__Work required__
Your output should repeat the entries below exactly. It should contain no images.

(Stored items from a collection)
*** Block opens ***

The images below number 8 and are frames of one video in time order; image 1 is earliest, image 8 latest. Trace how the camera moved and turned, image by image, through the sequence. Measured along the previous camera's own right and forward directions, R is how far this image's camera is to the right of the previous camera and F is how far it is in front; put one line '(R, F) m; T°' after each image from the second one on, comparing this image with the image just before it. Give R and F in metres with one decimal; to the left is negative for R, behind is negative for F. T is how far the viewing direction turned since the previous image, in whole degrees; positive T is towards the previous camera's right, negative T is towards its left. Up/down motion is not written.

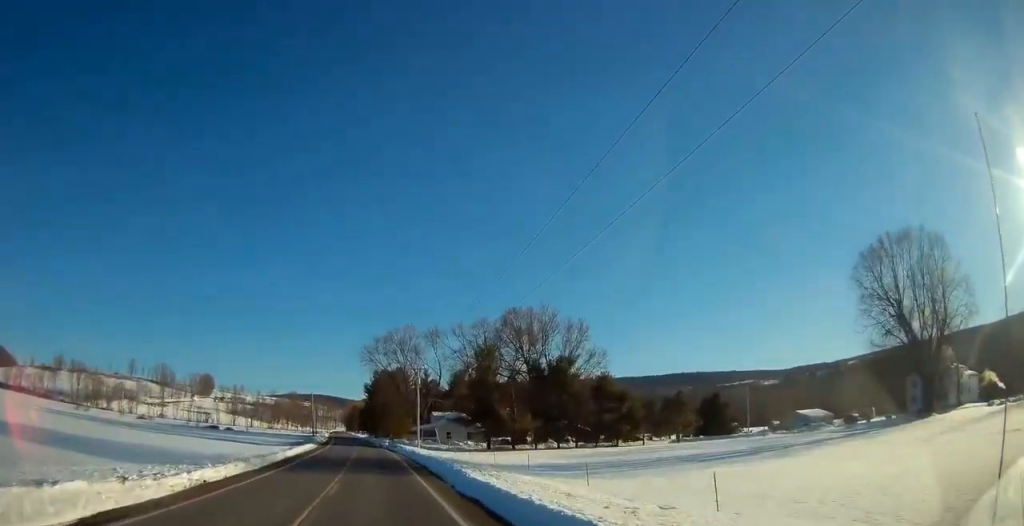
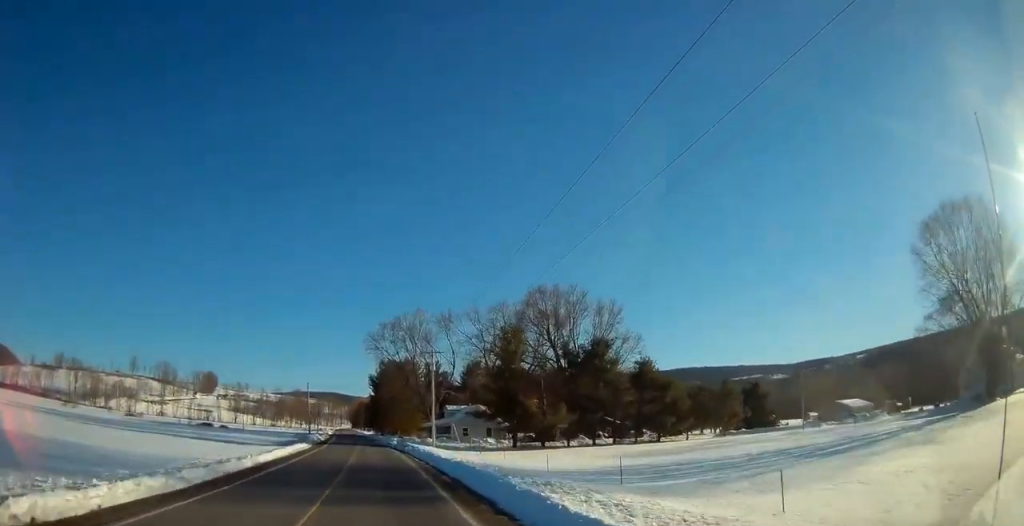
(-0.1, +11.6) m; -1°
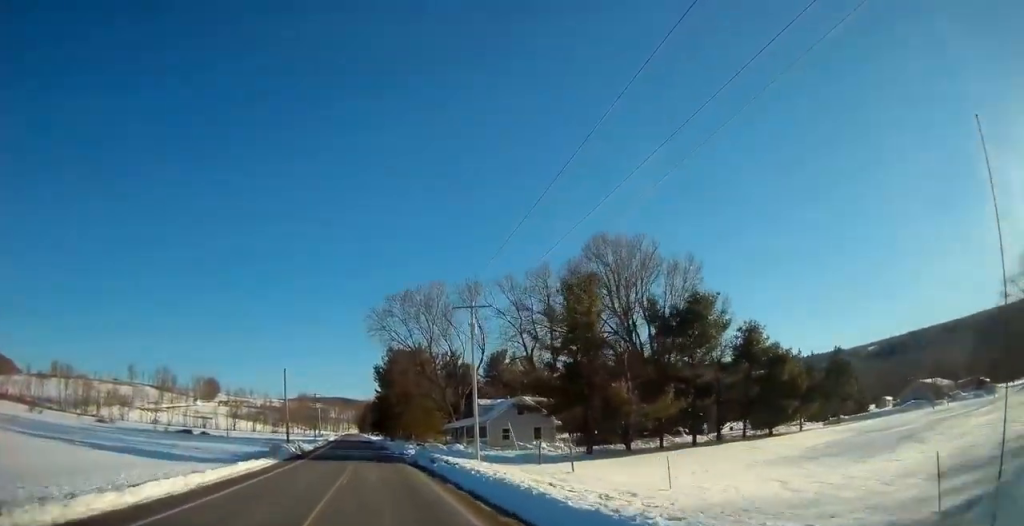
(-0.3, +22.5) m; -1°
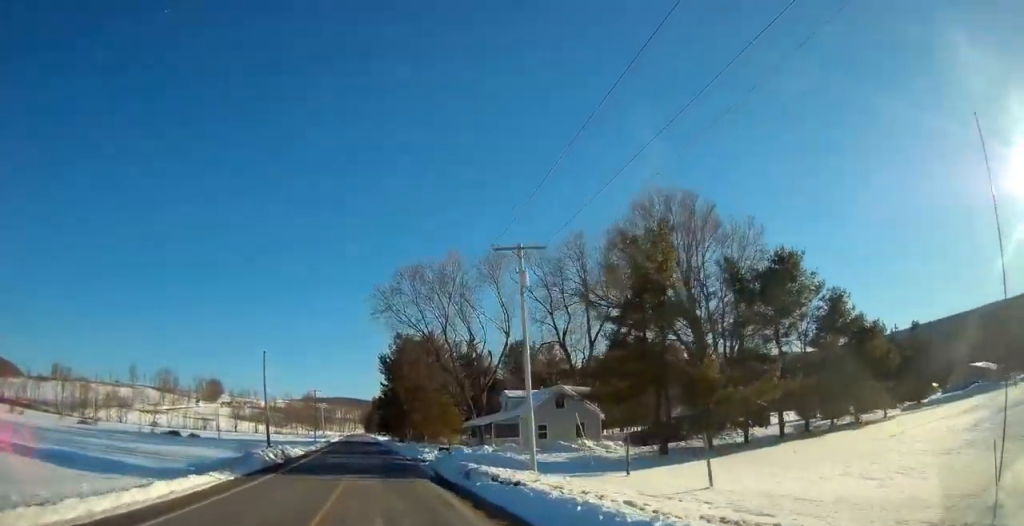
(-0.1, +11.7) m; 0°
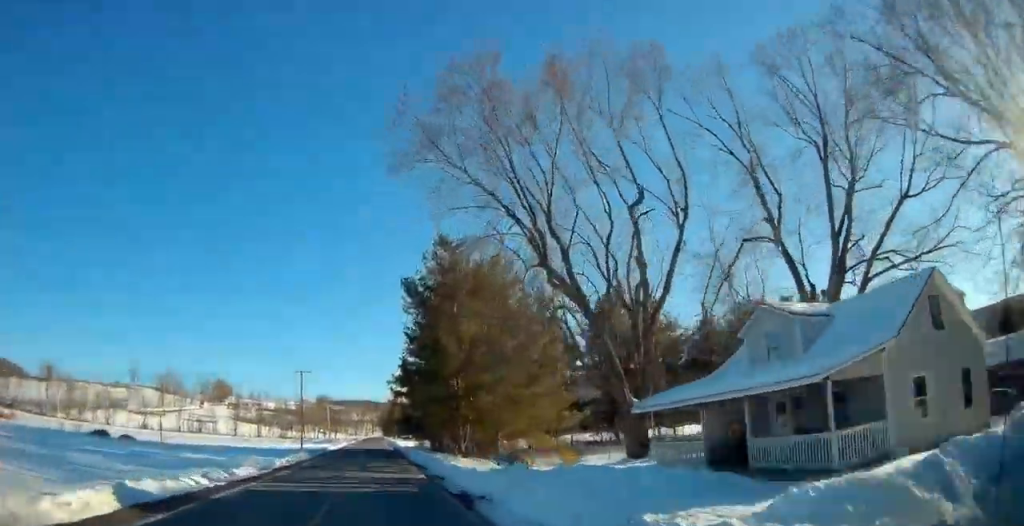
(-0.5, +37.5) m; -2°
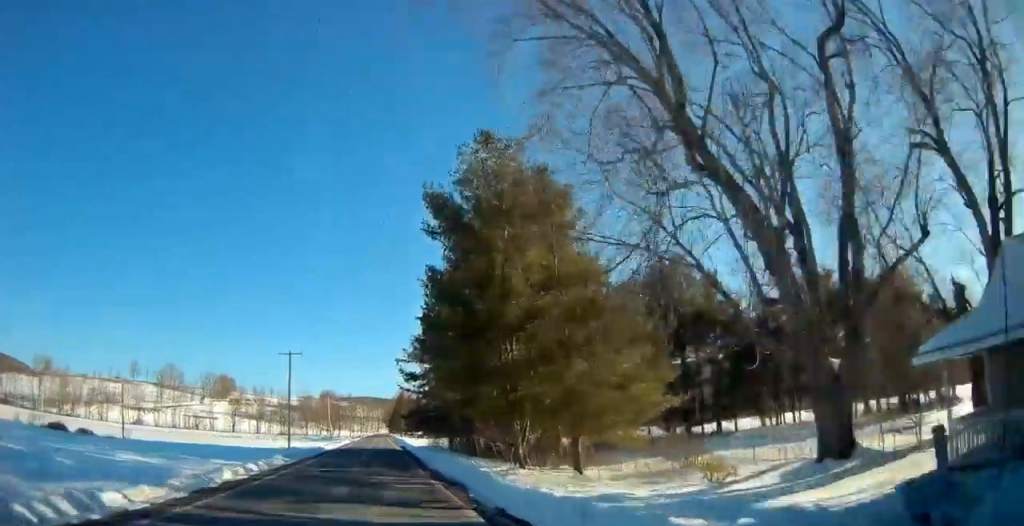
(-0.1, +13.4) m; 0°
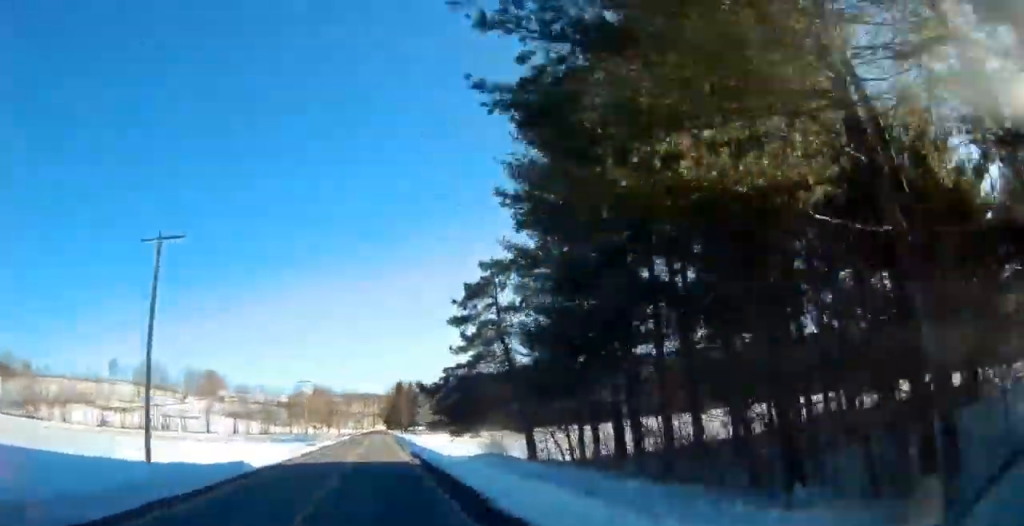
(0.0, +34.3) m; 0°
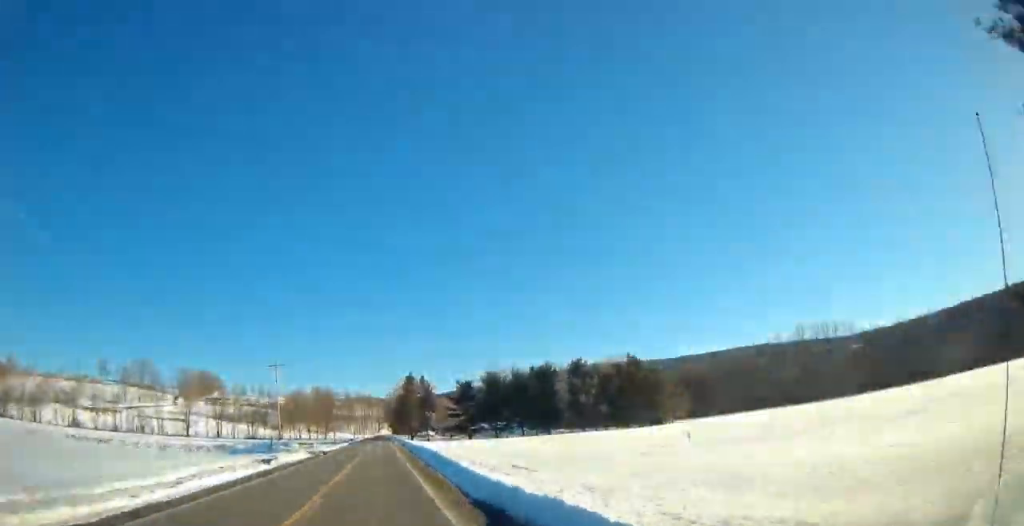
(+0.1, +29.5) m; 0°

*** Block closes ***

__Answer space__
The images below number 8 and are frames of one video in time order; image 1 is earliest, image 8 latest. Trace how the camera moved and turned, image by image, through the sequence. Measured along the previous camera's own right and forward directions, R is how far this image's camera is to the right of the previous camera and F is how far it is in front; put one line '(R, F) m; T°' after each image from the second one on, comparing this image with the image just before it. Give R and F in metres with one decimal; to the left is negative for R, behind is negative for F. T is how far the viewing direction turned since the previous image, in whole degrees; positive T is towards the previous camera's right, negative T is towards its left. Up/down motion is not written.

(-0.1, +11.6) m; -1°
(-0.3, +22.5) m; -1°
(-0.1, +11.7) m; 0°
(-0.5, +37.5) m; -2°
(-0.1, +13.4) m; 0°
(0.0, +34.3) m; 0°
(+0.1, +29.5) m; 0°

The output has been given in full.